ORAÇÃO*: Senhor, Tu me envias a falar de Ti como de um lar aberto no qual esperas todos os Teus filhos para a mesa posta, para um banquete que Tu mesmo preparas e no qual abundam comidas e bebidas deliciosas. Contudo, muitos rejeitam tal convite.

Procuro explicar que o Teu sonho é trazer para a Tua mesa todos os Teus filhos e filhas, para que reencontrem a fraternidade perdida, para a comunhão que foi prejudicada por separações sem sentido, como o puro e o impuro, o santo e o pecador.

Teu Reino não é um cume ao qual subir penosamente, ou que se conquiste por méritos e esforços, mas um presente imerecido, que faz transbordar de gozo e de gratidão. Teu Filho se assentou para comer com os pecadores e excluídos, provocando um escândalo ao nos dizer: “Meu Pai é assim! Meu Pai é festa, banquete, dança, mesa partilhada!”

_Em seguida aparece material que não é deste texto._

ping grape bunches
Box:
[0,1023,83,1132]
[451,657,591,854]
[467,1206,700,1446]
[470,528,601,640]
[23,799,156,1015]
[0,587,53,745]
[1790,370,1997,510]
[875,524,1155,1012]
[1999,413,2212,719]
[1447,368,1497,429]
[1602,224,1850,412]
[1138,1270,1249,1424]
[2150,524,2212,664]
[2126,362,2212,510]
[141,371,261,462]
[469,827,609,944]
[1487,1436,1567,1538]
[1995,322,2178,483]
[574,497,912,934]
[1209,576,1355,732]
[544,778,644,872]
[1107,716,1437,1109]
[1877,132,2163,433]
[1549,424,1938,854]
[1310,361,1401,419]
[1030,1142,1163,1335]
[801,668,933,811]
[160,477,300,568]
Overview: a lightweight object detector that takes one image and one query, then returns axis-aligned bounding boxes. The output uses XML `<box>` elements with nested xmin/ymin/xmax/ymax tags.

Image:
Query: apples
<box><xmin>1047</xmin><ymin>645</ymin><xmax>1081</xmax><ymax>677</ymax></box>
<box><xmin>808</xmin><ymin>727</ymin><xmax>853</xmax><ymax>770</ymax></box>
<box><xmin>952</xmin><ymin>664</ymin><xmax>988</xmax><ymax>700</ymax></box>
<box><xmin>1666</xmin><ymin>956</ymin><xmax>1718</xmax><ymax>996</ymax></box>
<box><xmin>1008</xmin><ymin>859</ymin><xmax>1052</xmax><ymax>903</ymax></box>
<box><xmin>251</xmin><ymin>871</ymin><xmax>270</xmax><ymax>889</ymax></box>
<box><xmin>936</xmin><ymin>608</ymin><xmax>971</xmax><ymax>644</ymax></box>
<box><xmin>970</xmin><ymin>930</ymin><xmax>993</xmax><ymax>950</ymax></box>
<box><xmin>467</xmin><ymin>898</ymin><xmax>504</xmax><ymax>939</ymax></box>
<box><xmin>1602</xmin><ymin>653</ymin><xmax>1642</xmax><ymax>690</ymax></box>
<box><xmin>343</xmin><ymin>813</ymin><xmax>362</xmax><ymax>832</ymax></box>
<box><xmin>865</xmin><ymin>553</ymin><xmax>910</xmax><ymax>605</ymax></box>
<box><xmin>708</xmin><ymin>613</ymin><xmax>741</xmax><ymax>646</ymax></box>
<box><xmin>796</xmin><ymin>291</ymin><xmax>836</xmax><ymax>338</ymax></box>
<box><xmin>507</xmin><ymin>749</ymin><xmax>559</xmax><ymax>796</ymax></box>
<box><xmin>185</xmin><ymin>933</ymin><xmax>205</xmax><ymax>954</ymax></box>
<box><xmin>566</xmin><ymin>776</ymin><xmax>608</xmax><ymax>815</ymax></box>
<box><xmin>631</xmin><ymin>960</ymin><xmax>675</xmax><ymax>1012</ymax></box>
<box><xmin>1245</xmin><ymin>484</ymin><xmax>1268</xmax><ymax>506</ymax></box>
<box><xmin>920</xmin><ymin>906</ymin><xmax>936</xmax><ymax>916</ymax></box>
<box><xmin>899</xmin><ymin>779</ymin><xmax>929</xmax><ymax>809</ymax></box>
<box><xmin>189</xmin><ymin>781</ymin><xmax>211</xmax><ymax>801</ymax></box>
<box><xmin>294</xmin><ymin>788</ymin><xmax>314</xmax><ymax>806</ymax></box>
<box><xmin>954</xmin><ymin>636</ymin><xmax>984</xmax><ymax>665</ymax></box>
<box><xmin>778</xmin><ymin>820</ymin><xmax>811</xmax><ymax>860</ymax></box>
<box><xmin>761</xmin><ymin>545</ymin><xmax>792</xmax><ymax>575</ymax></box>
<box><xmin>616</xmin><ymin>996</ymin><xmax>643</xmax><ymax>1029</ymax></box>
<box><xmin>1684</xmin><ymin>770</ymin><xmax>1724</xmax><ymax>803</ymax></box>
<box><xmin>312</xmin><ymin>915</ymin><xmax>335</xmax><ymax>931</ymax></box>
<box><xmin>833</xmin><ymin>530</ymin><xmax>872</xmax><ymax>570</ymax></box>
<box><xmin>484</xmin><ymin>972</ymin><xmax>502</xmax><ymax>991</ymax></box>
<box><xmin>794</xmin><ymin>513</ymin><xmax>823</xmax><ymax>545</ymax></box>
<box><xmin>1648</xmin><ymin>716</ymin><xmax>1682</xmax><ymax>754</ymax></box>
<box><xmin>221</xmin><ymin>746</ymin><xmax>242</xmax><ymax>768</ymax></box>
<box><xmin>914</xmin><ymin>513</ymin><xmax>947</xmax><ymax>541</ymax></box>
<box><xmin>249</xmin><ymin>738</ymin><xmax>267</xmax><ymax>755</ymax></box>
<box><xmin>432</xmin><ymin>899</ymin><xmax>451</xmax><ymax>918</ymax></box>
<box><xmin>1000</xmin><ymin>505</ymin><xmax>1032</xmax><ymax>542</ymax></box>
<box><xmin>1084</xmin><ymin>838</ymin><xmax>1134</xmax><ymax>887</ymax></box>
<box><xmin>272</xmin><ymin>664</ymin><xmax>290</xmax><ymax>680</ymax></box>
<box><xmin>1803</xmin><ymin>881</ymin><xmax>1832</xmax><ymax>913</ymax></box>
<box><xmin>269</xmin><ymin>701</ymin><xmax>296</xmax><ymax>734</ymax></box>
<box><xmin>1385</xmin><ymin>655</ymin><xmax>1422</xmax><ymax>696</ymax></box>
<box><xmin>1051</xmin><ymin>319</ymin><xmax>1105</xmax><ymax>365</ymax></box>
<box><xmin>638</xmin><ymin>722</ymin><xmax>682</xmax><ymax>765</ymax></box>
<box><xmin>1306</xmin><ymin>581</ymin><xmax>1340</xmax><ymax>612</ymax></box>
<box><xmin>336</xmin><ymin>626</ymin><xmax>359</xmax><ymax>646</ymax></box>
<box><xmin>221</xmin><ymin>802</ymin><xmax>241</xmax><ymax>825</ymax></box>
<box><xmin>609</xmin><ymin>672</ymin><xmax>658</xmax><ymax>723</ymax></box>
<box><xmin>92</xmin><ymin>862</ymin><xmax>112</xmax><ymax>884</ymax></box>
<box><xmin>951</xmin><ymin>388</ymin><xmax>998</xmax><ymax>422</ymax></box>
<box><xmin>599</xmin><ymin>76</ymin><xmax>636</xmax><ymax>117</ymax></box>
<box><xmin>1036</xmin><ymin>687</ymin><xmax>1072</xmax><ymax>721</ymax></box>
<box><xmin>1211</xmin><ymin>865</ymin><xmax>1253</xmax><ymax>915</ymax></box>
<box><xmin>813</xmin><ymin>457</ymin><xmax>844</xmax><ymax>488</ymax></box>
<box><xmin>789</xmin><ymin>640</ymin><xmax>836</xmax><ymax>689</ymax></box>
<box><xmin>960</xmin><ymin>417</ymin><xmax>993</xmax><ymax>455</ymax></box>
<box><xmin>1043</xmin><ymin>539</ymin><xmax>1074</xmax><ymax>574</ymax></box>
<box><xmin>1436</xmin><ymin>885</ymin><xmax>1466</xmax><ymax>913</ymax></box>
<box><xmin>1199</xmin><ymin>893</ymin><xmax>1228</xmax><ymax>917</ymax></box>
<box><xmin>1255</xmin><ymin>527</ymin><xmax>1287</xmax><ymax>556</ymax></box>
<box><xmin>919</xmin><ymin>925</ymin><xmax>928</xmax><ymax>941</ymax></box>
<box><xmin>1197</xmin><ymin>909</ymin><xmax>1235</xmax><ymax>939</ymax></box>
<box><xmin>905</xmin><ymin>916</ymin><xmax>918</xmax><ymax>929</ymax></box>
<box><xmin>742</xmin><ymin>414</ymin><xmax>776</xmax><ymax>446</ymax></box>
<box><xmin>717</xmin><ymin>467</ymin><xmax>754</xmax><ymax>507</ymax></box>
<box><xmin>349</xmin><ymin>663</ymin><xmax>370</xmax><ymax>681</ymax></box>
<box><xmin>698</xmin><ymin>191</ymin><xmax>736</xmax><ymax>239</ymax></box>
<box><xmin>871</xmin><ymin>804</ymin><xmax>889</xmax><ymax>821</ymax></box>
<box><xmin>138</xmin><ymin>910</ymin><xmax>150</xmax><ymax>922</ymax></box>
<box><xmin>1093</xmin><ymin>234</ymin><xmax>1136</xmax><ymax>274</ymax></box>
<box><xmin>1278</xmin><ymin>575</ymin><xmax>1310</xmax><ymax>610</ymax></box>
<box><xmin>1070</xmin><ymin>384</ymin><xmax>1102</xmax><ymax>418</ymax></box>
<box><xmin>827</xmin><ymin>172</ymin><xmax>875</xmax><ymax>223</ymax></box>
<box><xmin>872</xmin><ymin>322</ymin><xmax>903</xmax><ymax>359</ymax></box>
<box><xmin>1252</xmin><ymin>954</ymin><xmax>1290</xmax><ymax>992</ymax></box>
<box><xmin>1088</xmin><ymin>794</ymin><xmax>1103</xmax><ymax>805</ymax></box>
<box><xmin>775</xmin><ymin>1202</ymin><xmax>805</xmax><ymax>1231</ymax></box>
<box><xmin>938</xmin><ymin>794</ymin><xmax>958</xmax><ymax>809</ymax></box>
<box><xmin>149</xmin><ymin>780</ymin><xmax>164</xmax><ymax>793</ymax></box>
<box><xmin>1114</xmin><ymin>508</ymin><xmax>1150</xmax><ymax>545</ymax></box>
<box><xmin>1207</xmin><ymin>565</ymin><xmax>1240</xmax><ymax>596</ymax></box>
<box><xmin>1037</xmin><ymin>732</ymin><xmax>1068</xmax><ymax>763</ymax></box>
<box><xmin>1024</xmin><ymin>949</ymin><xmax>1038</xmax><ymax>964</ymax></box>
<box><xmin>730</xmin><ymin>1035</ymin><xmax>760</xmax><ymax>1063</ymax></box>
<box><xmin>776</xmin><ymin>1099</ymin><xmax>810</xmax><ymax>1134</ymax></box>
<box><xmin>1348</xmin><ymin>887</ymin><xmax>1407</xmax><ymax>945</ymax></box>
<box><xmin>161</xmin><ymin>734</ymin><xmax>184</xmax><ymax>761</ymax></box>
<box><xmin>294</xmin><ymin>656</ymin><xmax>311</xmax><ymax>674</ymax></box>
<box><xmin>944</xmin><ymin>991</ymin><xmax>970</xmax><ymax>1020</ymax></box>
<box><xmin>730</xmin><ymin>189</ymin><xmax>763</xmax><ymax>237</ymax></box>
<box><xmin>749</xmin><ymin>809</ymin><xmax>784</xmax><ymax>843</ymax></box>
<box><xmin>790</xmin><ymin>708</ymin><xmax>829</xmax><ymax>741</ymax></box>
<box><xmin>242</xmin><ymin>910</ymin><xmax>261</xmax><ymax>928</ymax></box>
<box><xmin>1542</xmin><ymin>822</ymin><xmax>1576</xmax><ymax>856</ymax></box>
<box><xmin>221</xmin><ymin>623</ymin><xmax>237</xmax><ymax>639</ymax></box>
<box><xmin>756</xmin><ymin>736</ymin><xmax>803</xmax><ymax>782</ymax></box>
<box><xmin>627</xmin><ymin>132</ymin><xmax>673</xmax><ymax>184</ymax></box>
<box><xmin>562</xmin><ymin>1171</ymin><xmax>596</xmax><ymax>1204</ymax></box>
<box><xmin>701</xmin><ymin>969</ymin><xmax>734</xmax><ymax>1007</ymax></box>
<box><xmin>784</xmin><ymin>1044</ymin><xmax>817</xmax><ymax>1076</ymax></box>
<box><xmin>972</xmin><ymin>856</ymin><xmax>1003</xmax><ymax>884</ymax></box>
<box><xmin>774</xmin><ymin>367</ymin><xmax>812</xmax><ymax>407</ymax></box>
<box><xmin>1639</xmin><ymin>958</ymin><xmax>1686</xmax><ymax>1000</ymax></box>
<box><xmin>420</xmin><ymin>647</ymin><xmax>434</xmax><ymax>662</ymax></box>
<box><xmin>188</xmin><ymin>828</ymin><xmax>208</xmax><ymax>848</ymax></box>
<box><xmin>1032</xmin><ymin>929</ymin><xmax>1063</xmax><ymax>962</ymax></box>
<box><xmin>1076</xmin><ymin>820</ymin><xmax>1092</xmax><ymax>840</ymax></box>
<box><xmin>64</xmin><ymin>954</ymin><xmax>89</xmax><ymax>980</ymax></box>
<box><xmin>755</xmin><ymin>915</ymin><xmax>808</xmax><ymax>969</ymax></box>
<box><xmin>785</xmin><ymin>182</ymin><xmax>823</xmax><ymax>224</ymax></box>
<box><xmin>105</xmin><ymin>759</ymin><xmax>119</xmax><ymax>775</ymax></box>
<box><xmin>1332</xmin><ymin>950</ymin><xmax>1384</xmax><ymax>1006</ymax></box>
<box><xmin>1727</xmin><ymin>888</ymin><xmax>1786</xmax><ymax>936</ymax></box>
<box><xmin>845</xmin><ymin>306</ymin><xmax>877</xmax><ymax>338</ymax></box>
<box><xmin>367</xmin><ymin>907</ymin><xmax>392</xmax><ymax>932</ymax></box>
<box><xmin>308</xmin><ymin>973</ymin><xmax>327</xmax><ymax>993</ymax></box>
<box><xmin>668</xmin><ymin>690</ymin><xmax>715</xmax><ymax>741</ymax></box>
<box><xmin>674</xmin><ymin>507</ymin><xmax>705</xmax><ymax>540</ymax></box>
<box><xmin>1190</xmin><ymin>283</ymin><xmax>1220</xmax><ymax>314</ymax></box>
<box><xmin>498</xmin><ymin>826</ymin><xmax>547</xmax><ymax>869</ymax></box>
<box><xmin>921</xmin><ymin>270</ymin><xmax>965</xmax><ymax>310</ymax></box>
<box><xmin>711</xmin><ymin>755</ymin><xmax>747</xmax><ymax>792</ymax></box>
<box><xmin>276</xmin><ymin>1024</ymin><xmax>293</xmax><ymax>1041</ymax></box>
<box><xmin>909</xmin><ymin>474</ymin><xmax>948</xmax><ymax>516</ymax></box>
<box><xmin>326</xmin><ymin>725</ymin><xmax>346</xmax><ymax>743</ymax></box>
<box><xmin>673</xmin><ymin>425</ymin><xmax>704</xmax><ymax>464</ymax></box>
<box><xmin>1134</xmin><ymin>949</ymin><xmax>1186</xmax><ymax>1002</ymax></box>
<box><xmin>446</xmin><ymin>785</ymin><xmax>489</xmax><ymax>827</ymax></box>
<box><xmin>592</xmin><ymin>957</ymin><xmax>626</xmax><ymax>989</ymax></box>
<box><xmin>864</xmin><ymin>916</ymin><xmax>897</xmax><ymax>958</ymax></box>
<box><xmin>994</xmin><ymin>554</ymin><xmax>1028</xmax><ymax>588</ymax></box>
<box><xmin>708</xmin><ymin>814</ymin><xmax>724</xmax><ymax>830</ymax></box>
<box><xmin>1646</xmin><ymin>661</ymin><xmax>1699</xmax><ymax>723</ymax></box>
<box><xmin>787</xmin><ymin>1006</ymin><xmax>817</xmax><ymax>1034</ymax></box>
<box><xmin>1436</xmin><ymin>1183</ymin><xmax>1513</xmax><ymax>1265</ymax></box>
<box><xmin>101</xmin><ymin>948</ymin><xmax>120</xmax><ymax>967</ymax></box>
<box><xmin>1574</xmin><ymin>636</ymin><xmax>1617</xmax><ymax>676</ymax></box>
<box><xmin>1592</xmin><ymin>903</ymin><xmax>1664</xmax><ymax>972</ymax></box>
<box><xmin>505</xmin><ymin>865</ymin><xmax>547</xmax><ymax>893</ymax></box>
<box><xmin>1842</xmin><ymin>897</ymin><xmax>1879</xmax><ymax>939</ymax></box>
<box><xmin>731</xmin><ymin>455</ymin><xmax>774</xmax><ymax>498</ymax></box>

Teu amor e Teu perdão são como um pão oferecido gratuitamente. O Senhor prometeu cuidar das nossas necessidades e provê-las a cada dia, mas nós continuamos a desconfiar disso e a nos encher de preocupação e ansiedade pelo que comer e beber, pelo que vestir e consumir.

Ao tomar os pães e os peixes em Suas mãos, Teu Filho elevou os olhos ao céu, para orientar o nosso olhar para Ti, de quem tudo recebemos. A seguir, pronunciou a bênção, para devolver aquele alimento à sua verdadeira natureza, que é o de circular, dividir-se, gerar vida, energia, convivialidade. A carência foi vencida pela generosidade e pela gratuidade.

Mas nós, diante de tal situação, dizíamos: ‘Não temos’, ‘isto é pouco’, ‘despede-os’, ‘que vão eles próprios comprar’. Diante de qualquer imprevisto, olhamos para nós mesmos, medimos nossas próprias forças e nos angustiamos, ao invés de olharmos para Ti, Deus nosso Pai, que és o manancial inesgotável de todo dom.      

Como o salmista, hoje dizemos: “Em Ti esperam os olhos de todos e no tempo certo Tu lhes dás o alimento: abres a Tua mão e sacias todo ser vivo com fartura” (Sl 145,15-16).

 

*Ir. Dolores Aleixandre, Revela-me Teu nome – imagens bíblicas para falar de Deus, Paulinas.